The discretion to make an order under r 47.04 must be exercised with great caution. Generally such an order should only be made in a clear case, as stated by Dodds-Streeton J in Wells Fargo Bank Northwest National Association v Victoria Aircraft Leasing Ltd (No 2).[16]

[11]Idoport Pty Ltd v National Australia Bank Ltd [2000] NSWSC 1215.

[12]David Jones Ltd v Perpetual Limited [2008] VSC 61, 48.

[13]Tepko Pty Ltd v Water Board (2001) 206 CLR 1, 170 (Kirby and Callinan JJ).

[14](2001) 206 CLR 1.

[15]Ibid 168, 170.

[16][2004] VSC 341, 181.

  1. In my view, it is not appropriate to have a separate trial of the questions put forward by  Caesarstone.

  1. First, the proposed form of orders makes plain that splitting the trial is, in the circumstances of this case, inappropriate.  There has been substantial affidavit material filed on behalf of each of the parties in the oppression proceeding.  The proposed orders include that:

Those parts only of the affidavits filed by the parties in the proceedings as are relevant to the trial of the preliminary questions stand as the evidence-in-chief for the trial of the preliminary questions.

This requires the parties to determine and, in the absence of agreement, for the Court to adjudicate on which paragraphs should be admitted into evidence for the purposes of the trial of the preliminary questions.  The task of identifying the relevant parts of those affidavits undoubtedly will be time consuming and controversial.

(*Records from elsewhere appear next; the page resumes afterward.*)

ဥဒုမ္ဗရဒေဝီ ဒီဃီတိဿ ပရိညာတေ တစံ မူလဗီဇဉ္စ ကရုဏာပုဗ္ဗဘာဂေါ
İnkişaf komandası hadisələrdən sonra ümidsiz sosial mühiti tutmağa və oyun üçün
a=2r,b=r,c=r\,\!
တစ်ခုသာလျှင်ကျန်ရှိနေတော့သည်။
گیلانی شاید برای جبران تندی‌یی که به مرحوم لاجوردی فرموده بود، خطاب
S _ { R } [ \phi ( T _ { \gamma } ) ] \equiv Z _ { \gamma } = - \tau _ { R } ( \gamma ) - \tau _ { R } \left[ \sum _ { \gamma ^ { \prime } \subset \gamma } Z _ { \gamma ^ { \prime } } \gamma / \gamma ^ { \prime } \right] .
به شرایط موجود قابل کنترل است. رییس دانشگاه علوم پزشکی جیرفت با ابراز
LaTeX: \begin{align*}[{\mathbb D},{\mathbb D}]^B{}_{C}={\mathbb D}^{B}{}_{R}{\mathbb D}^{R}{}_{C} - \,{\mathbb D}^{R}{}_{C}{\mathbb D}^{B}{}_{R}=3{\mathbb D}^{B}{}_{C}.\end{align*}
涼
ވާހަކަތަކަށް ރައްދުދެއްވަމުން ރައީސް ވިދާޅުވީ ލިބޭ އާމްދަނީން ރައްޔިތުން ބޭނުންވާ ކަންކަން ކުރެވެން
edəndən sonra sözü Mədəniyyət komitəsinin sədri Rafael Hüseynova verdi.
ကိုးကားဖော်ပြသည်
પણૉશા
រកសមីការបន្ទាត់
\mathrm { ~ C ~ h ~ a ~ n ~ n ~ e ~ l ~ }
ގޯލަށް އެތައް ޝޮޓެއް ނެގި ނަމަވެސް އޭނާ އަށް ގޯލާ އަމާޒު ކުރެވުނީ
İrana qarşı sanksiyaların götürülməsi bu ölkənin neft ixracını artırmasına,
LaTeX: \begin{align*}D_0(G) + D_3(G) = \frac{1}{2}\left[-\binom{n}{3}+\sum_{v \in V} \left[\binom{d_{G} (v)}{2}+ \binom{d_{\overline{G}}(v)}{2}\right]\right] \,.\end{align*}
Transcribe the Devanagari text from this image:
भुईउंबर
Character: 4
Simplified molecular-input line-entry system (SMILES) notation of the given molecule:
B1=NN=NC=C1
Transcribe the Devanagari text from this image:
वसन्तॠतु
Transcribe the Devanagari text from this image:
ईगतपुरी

  1. Next, it is apparent that there is substantial controversy about the facts.  The resolution of the separate questions carries with it the strong prospect that the Court will be asked to make findings of credit or findings on the reliability of evidence.  It is highly undesirable that witnesses be confined to evidence on matters relevant to the determination of the separate questions, on which findings of credit and reliability will be made, without opportunity for the Court to hear the whole of the evidence before forming any view.  It also has the prospect that findings on the preliminary questions may preclude the same judicial officer from again dealing with the matters going to the credit of the common witnesses.[17]

    [17]British American Tobacco Australia Services Ltd v Laurie (2011) 273 ALR 429.

  1. Next, I am not satisfied that there is a clear demarcation between the issues raised by the separate questions and the balance of the issues in the consolidated proceeding.  The Court could not at this stage conclude with confidence that the issues of oppressive conduct and valuation of shares are not intertwined with the preliminary questions based on the contractual arrangements between the parties.

  1. Moreover, there is no clear line of demarcation with respect to the evidence to be called in relation to those issues.  That is to say, the Court could not at this stage conclude with confidence that the factual matters relied on by Caesarstone to support its case that Schneider was terminated with cause would not be factual matters that would also arise for consideration and finding by the Court in respect to the alleged oppressive conduct. 

  1. Next, there is in my view a reasonable risk of delay and duplication if the trial was split.  I am highly doubtful that the splitting of the trial would provide an effective, efficient, timely and fair means of hearing and determining the proceeding.

  1. For Caesarstone, it was urged that discovery is a significant issue because so many of the documents relevant to the combined proceedings are located overseas and in Hebrew.  Whilst that is a factor to be taken into consideration, it is not a determinative consideration as to whether the Court should split the trial.  Whilst I accept that discovery may be an onerous and expensive step, the burden should be capable of being managed through appropriate case management and cooperation of the parties.[18]

    [18]Civil Procedure Act 2010 (Vic) s 20.

  1. Accordingly I refuse the application.